Platform Engineering Tools Can HURT More Than HELP
Summary
This YouTube video transcript discusses the “power tools problem” in platform engineering, arguing that while tools like Kubernetes, Kafka, and Istio are powerful, they are often a bad choice for platform engineering in 2024 because they add unnecessary complexity and burden to delivery teams.
The speaker, Steve Smith from Equal Experts, explains that platform engineering should accelerate delivery teams without creating extra work for them. He highlights the value of platform engineering in achieving engineering excellence (speed, quality, reliability) and references the metrics in Dr. Nicole Forsgren’s “Accelerate” book. He shares his experience with platform engineering successes and failures in various organizations, emphasizing that it’s easy to get platform engineering wrong.
The core issue is the “power tools problem,” where platform teams implement core capabilities using heavyweight tools like Kubernetes for container orchestration, Kafka for messaging, and Istio for service mesh. These tools, while powerful and feature-rich, require significant effort to learn, build, run, and support, both for the platform team and the delivery teams who must interact with them. The speaker stresses that the “babysitting cost” (operational overhead) of these tools is often overlooked compared to cloud costs.
Delivery teams are forced to spend time configuring and maintaining these complex tools, diverting their focus from core product features and customer value.
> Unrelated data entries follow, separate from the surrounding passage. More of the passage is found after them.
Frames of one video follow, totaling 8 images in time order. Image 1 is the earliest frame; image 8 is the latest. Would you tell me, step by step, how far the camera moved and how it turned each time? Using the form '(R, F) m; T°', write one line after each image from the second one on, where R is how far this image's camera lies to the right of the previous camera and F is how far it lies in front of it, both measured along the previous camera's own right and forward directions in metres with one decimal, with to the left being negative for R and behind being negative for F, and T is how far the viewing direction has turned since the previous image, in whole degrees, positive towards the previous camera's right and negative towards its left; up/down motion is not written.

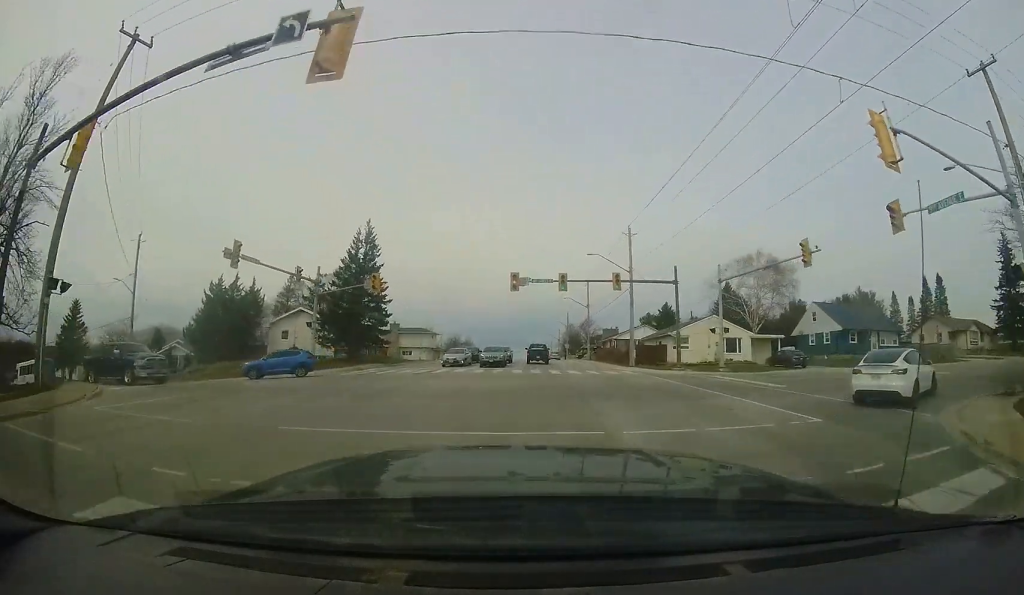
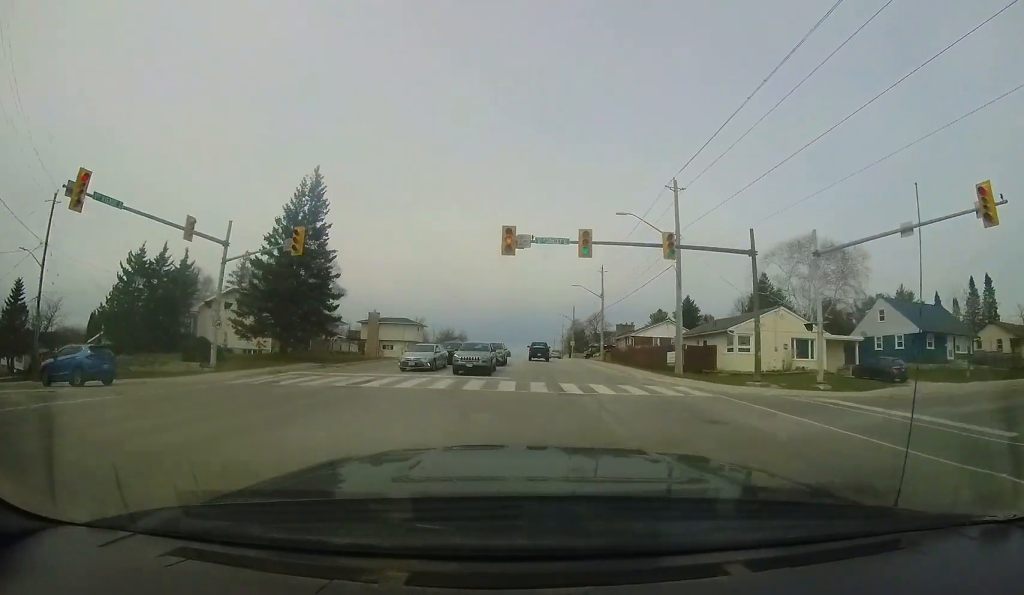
(+0.5, +10.4) m; +2°
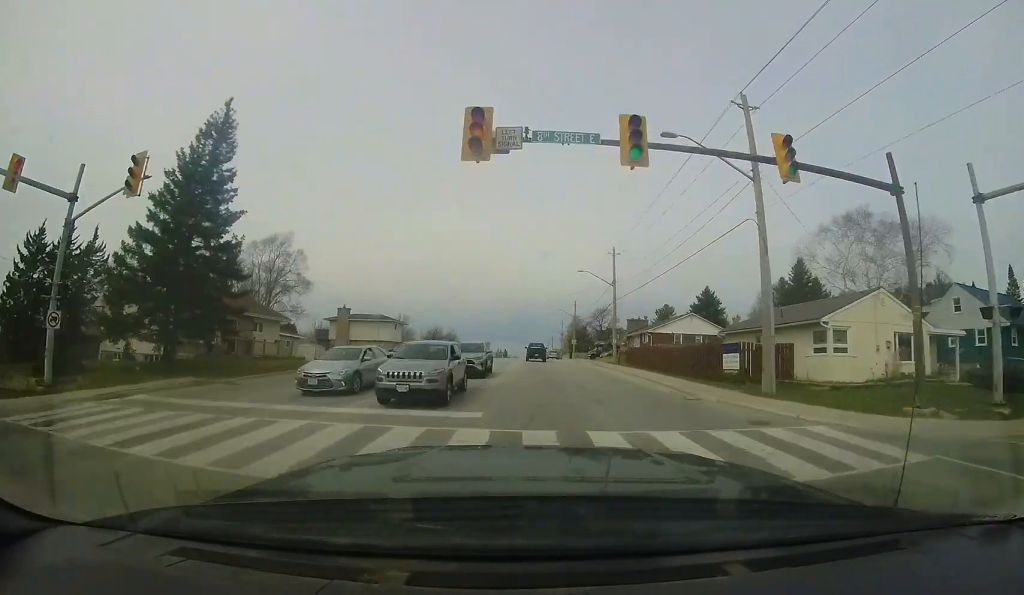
(-0.1, +9.4) m; -1°
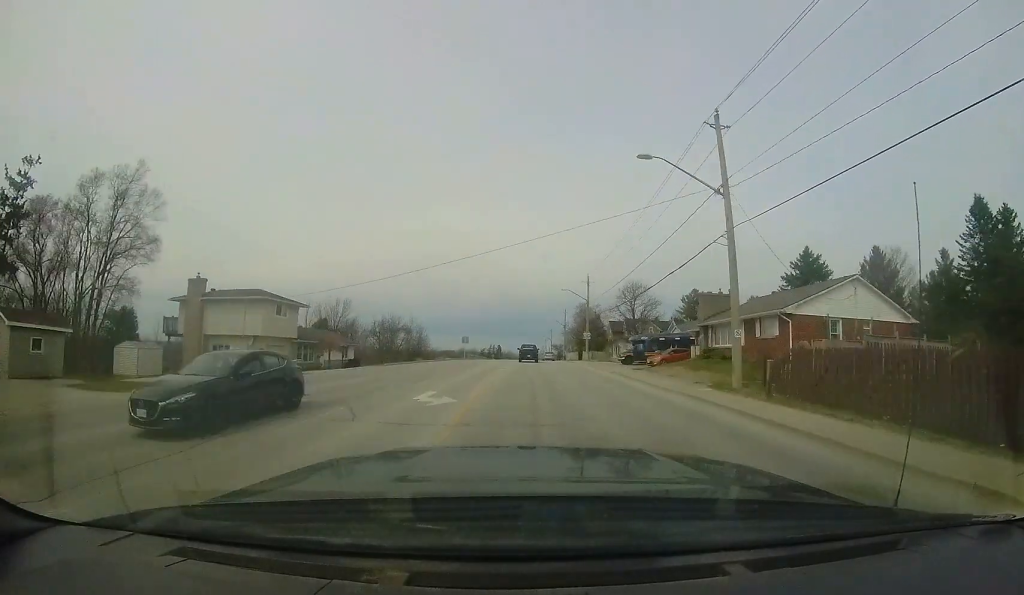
(-0.4, +24.8) m; 0°
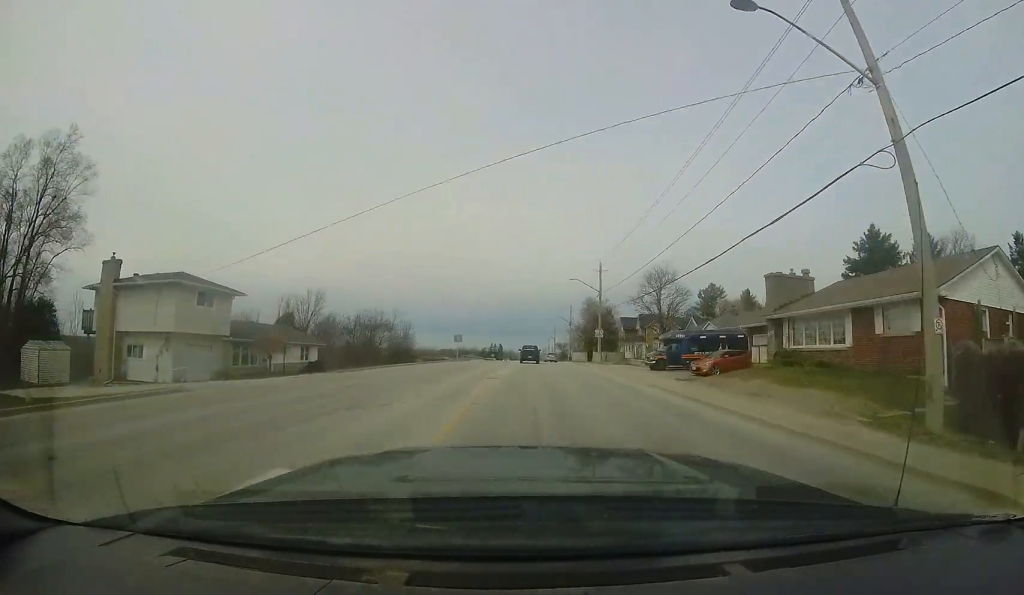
(+0.2, +8.5) m; 0°
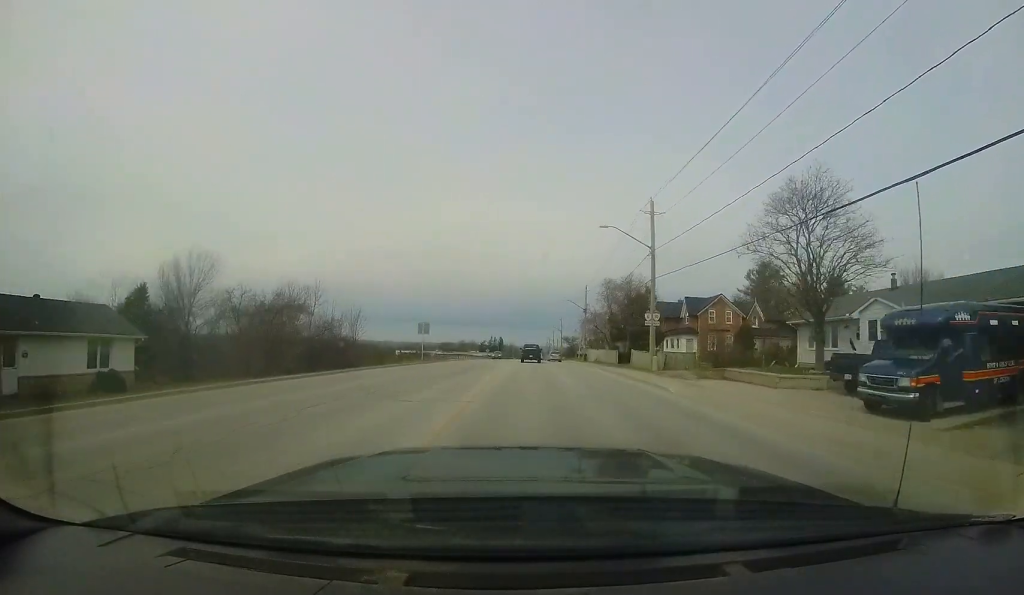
(-0.1, +19.6) m; -1°
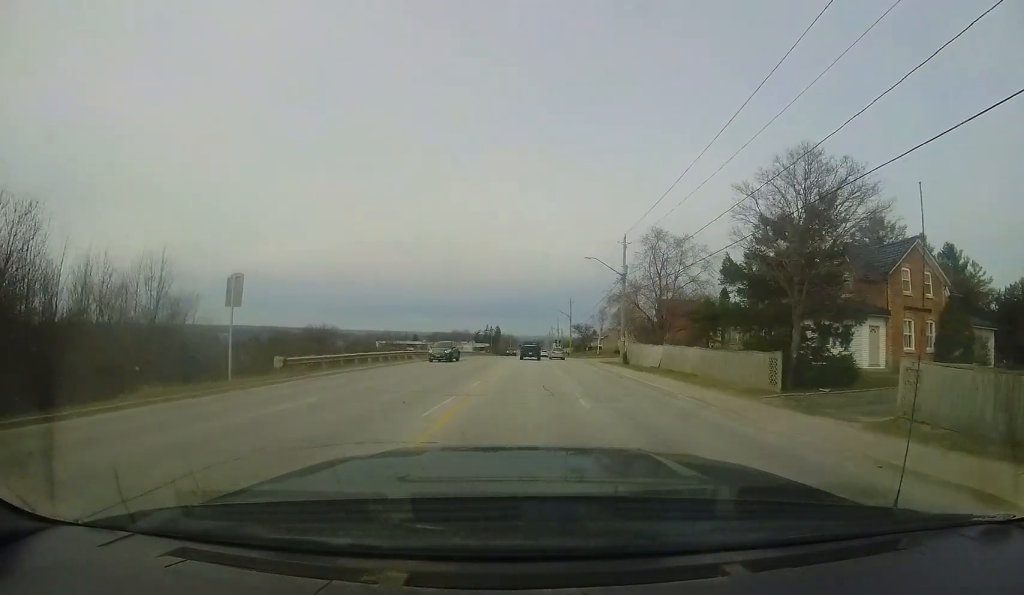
(-0.1, +26.4) m; 0°
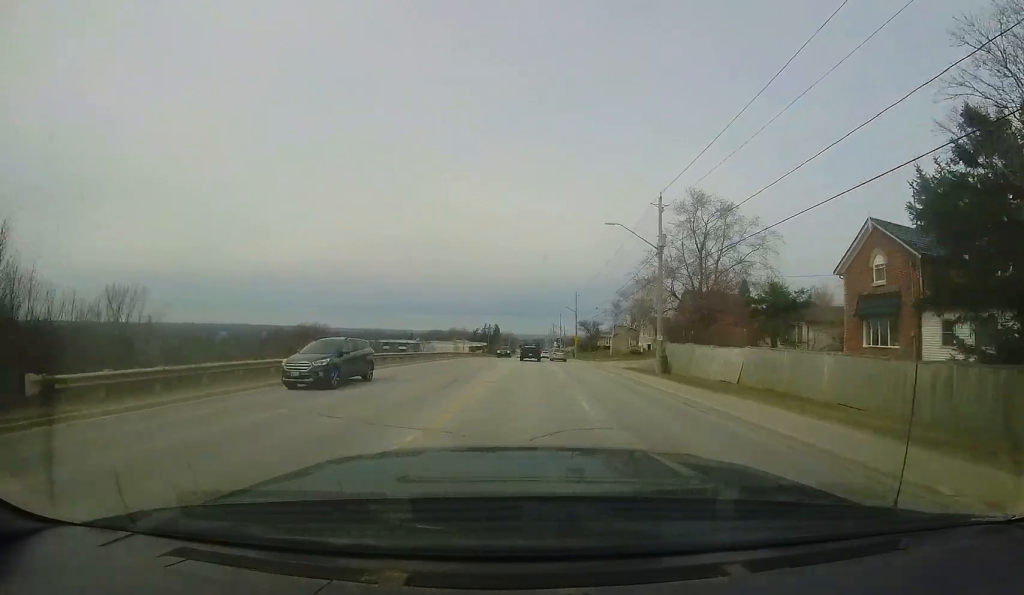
(0.0, +10.6) m; +1°

Even managed services of these tools, like GKE or Confluent Kafka, are not truly simple and still impose cognitive load. This leads to unplanned technical work, increased rework rate, and developers spending more time on configuration (YAML files) than business logic.
The speaker provides two anonymized examples:
- American Broadcaster: A platform team insisted on using AKS (Kubernetes on Azure), leading to six months of arguments with delivery teams who wanted simpler solutions. The platform team won, but the six-month delay and implementation caused significant business justification issues for the platform lead.
- German E-commerce Company: A platform team heavily invested in self-hosting Istio and its advanced features. They were hesitant to upgrade due to past outages and relied on a Dutch company’s blog posts for upgrade instructions, creating an absurd and unsustainable technology dependency.
The root cause of the “power tools problem” is platform teams working “inside out” – focusing on the tools they want to use rather than working “outside in” – focusing on the capabilities their delivery teams truly need. Kubernetes, Kafka, and Istio, while good tools in general, don’t always provide enough unique value in the context of platform engineering to justify their high total cost of ownership (TCO), especially in terms of cognitive load and operational overhead for delivery teams.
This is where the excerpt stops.